## Activity
Compute how many lines in the records below contain the string "width" and give that number without other output.

## Data for this task

———

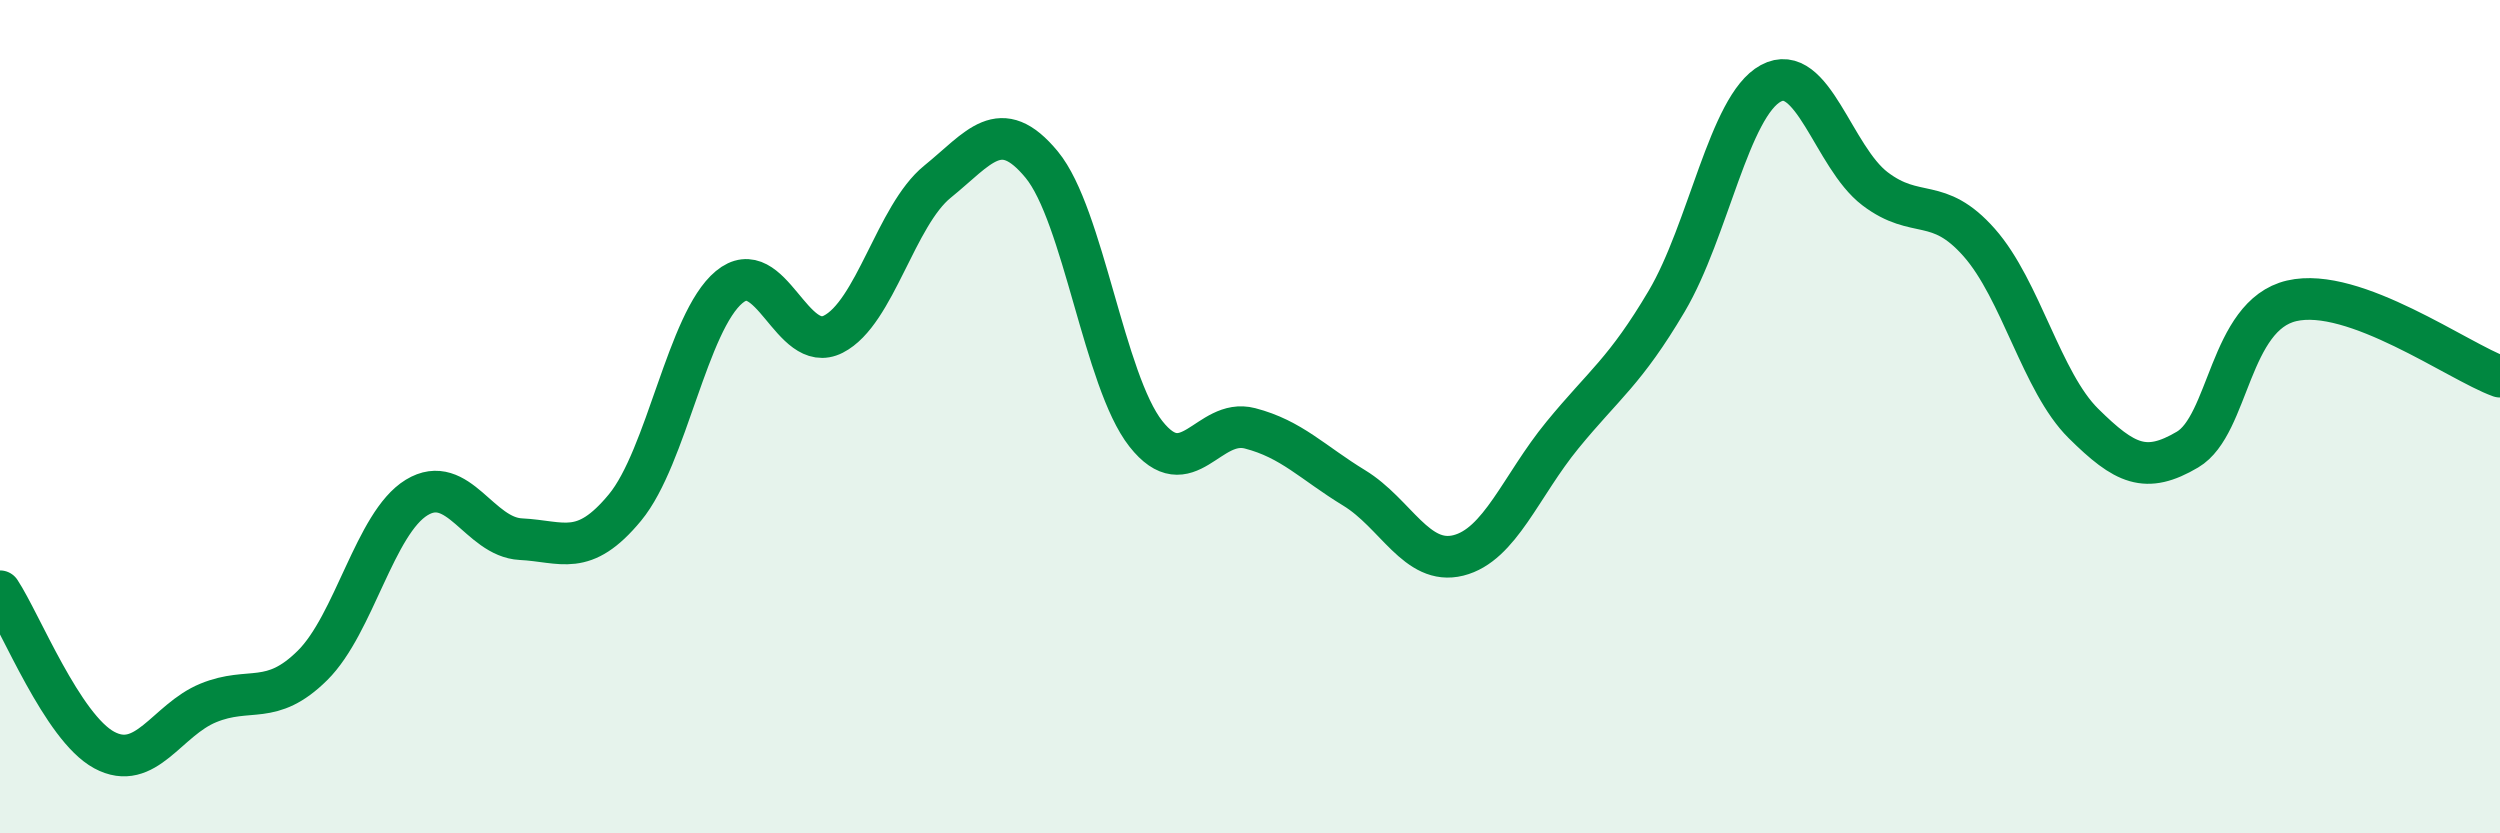 
    <svg width="60" height="20" viewBox="0 0 60 20" xmlns="http://www.w3.org/2000/svg">
      <path
        d="M 0,14.19 C 0.5,14.95 1.5,17.46 2.5,18 C 3.5,18.54 4,17.28 5,16.87 C 6,16.46 6.5,16.96 7.5,15.97 C 8.5,14.98 9,12.55 10,11.94 C 11,11.33 11.5,12.89 12.5,12.94 C 13.5,12.99 14,13.39 15,12.18 C 16,10.97 16.5,7.72 17.5,6.89 C 18.5,6.06 19,8.53 20,8.02 C 21,7.51 21.5,5.17 22.5,4.36 C 23.5,3.55 24,2.74 25,3.95 C 26,5.16 26.5,9.14 27.5,10.41 C 28.5,11.68 29,10.02 30,10.28 C 31,10.54 31.5,11.1 32.5,11.71 C 33.5,12.32 34,13.58 35,13.33 C 36,13.08 36.5,11.66 37.5,10.44 C 38.5,9.22 39,8.92 40,7.23 C 41,5.54 41.5,2.54 42.5,2 C 43.5,1.46 44,3.77 45,4.53 C 46,5.29 46.5,4.69 47.5,5.82 C 48.5,6.95 49,9.17 50,10.16 C 51,11.15 51.5,11.38 52.5,10.79 C 53.5,10.2 53.5,7.57 55,7.22 C 56.5,6.87 59,8.68 60,9.04L60 20L0 20Z"
        fill="#008740"
        opacity="0.1"
        stroke-linecap="round"
        stroke-linejoin="round"
      />
      <path
        d="M 0,14.19 C 0.5,14.95 1.5,17.46 2.5,18 C 3.5,18.54 4,17.28 5,16.87 C 6,16.46 6.5,16.96 7.5,15.97 C 8.5,14.98 9,12.55 10,11.94 C 11,11.33 11.5,12.89 12.5,12.94 C 13.5,12.99 14,13.39 15,12.18 C 16,10.97 16.5,7.72 17.5,6.89 C 18.5,6.06 19,8.53 20,8.02 C 21,7.51 21.5,5.17 22.5,4.36 C 23.5,3.55 24,2.74 25,3.95 C 26,5.16 26.5,9.14 27.5,10.41 C 28.5,11.68 29,10.02 30,10.28 C 31,10.54 31.5,11.1 32.5,11.71 C 33.5,12.32 34,13.58 35,13.33 C 36,13.08 36.5,11.66 37.5,10.44 C 38.5,9.22 39,8.92 40,7.23 C 41,5.54 41.5,2.54 42.5,2 C 43.5,1.46 44,3.77 45,4.53 C 46,5.29 46.5,4.69 47.5,5.82 C 48.5,6.95 49,9.17 50,10.16 C 51,11.15 51.5,11.38 52.5,10.79 C 53.5,10.2 53.5,7.57 55,7.22 C 56.5,6.87 59,8.68 60,9.04"
        stroke="#008740"
        stroke-width="1"
        fill="none"
        stroke-linecap="round"
        stroke-linejoin="round"
      />
    </svg>

———

## Response
2